2.4. Immunohistochemical staining

C57BL/6J and APP/PS1 mice that were implanted at ages of 2 months old were sacrificed and perfused according to University of Pittsburgh IACUC approved methods at 1 week (n= 6 per group) or 16 weeks (n = 7 per group) post-implantation, as described previously [7]. Briefly, mice were sedated using a cocktail mixture of xylazine (7 mg kg⁻¹) and ketamine (75 mg kg⁻¹). A toe-pinch test was performed to ensure proper level of anesthesia prior to beginning the procedure. For each mouse, 100 ml of warm phosphate buffered saline (PBS) was perfused transcardially (pump pressure between 80–100 mm Hg) followed by 100 ml of 4% paraformaldehyde (PFA). Mice were then decapitated with both skull and implant left intact for 24 h post-fixation at 4 °C in 4% PFA. This extended fixation period ensured the tissue surrounding the microelectrode remains minimally disturbed during implant removal. Brains were then carefully detached from the skull by removing excess bone and gently pushing down on the headcap while the tissue sample is inverted, allowing the probe to fall straight down out of the brain. Brain samples were then sequentially soaked in 15% and 30% sucrose in PBS at 4 °C for 24 h each. Once the tissue had reached sucrose equilibration, they were frozen in a 2:1 ratio of 20% sucrose:optimal cutting temperature compound (Tissue Tek, Miles Inc., Elkhart, IN, United States). Frozen brain samples were then sectioned horizontally using a cryostat (Leica Biosystems, Wetzlar, Germany) at a 25 μm thickness throughout the entire depth of the implant (∼1600 μm).

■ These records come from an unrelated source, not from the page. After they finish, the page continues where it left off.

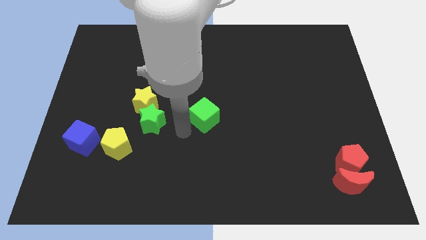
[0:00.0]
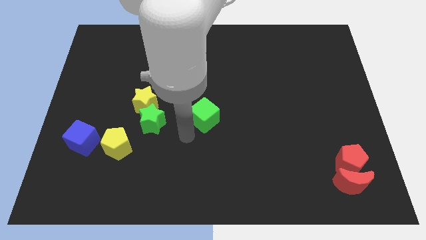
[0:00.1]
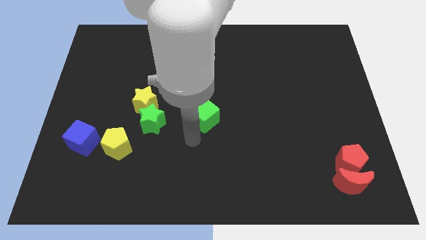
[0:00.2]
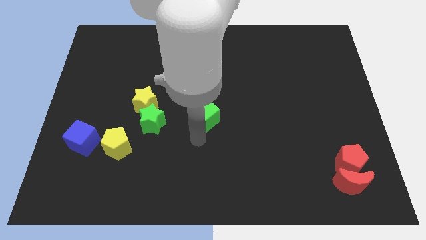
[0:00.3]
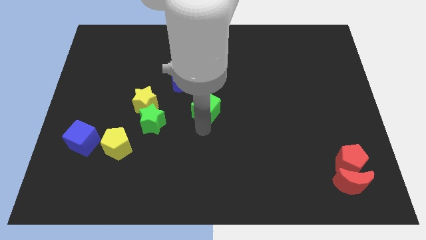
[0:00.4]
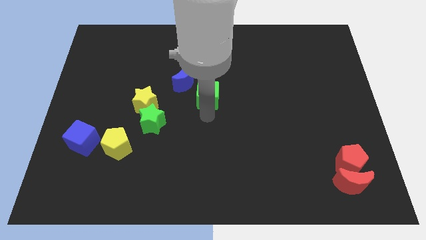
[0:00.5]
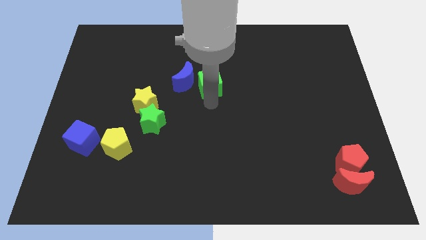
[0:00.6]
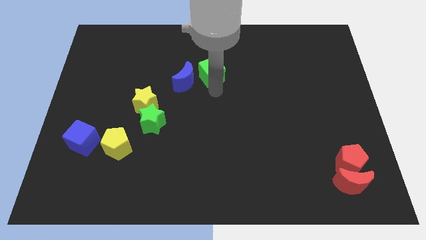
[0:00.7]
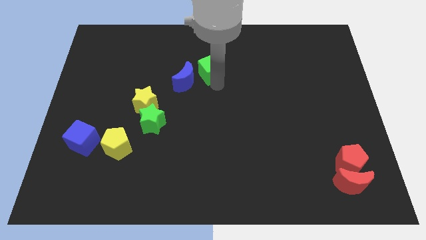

Brain tissue sections between 150–300 μm cortical depth (layer II/III) were chosen for immunohistochemical analysis, corresponding with the depth of observation during 2P imaging. Before staining, frozen tissue sections were re-hydrated with two washes of 1x PBS for 5 min each. For antigen retrieval, slides were incubated in 0.01 M sodium citrate buffer for 30 min at 60 °C. Slides were then incubated in in a peroxidase blocking solution (10% v/v methanol and 3% v/v hydrogen peroxide in 1x PBS) for 20 min on a table shaker (60 r.p.m.) at room temperature (RT) to block for active aldehydes and reduce the chance of non-specific binding. Sections were then pre-treated with a solution of 1% triton X-100 and 10% donkey serum in 1x PBS for 1 h at RT followed by blocking endogenous mouse immunoglobulin G (IgG) with donkey anti-mouse IgG fragment (Fab) for 2 h at 1:10 dilution at RT. Then, sections were rinsed with alternating washes of 1x PBS and 1x PBS-T (1% v/v of Tween-20 in 1x PBS) for four times 4 min each. Primary antibodies were diluted in solution of 1% triton X-100 and 10% donkey serum and applied to slides for 12–18 h at 4 °C. All primary antibodies used in this study are listed in table ​table1.1. Sections were rinsed in 3 × 5 min washes of 1x PBS the following day. Secondary antibodies were diluted 1:500 in 1x PBS and applied to slides for 2 h at RT. Secondary antibodies used were: Alexa Fluor 488 donkey anti-mouse, Alexa Fluor 488 donkey anti-rabbit, Alexa Fluor 568 donkey anti-mouse, Alexa Fluor 568 donkey anti-rat, Alexa Fluor 568 donkey anti-goat, Alexa Fluor 568 donkey anti-sheep, Alexa Fluor 647 donkey anti-mouse, Alexa Fluor 647 donkey anti-chicken, and Alexa Fluor 647 streptavidin (Abcam, Cambridge, UK). Then, slides were rinsed once more with 3 × 5 min washes of 1x PBS. To stain for cell nuclei, slides were incubated in Hoechst 33 342 (Invitrogen) at 1:1000 in 1x PBS for 10 min at RT followed by another rinse 3 × 5 min with 1x PBS. Finally, slides were cover slipped using Fluoromount-G (Southern Biotech, Birmingham, AL, United States) and sealed prior to imaging.

List of primary antibodies used for immunohistochemical staining.

Samples were imaged using a confocal microscope (FluoView 1000, Olympus, Inc. Tokyo, Japan) using a 20x oil-immersive objective lens (Nikon Instruments, Melville, NY). For each section, an ipsilateral and contralateral image was captured using same laser intensity and image settings for data normalization. For each image, a z-stack was collected consisting of six image planes each spaced 5 μm apart (635.9 × 635.9 μm, 1024 × 1024 pixels on FV10-ASW Viewer V4.2). Raw images were saved as 16-bit grayscale TIFFs.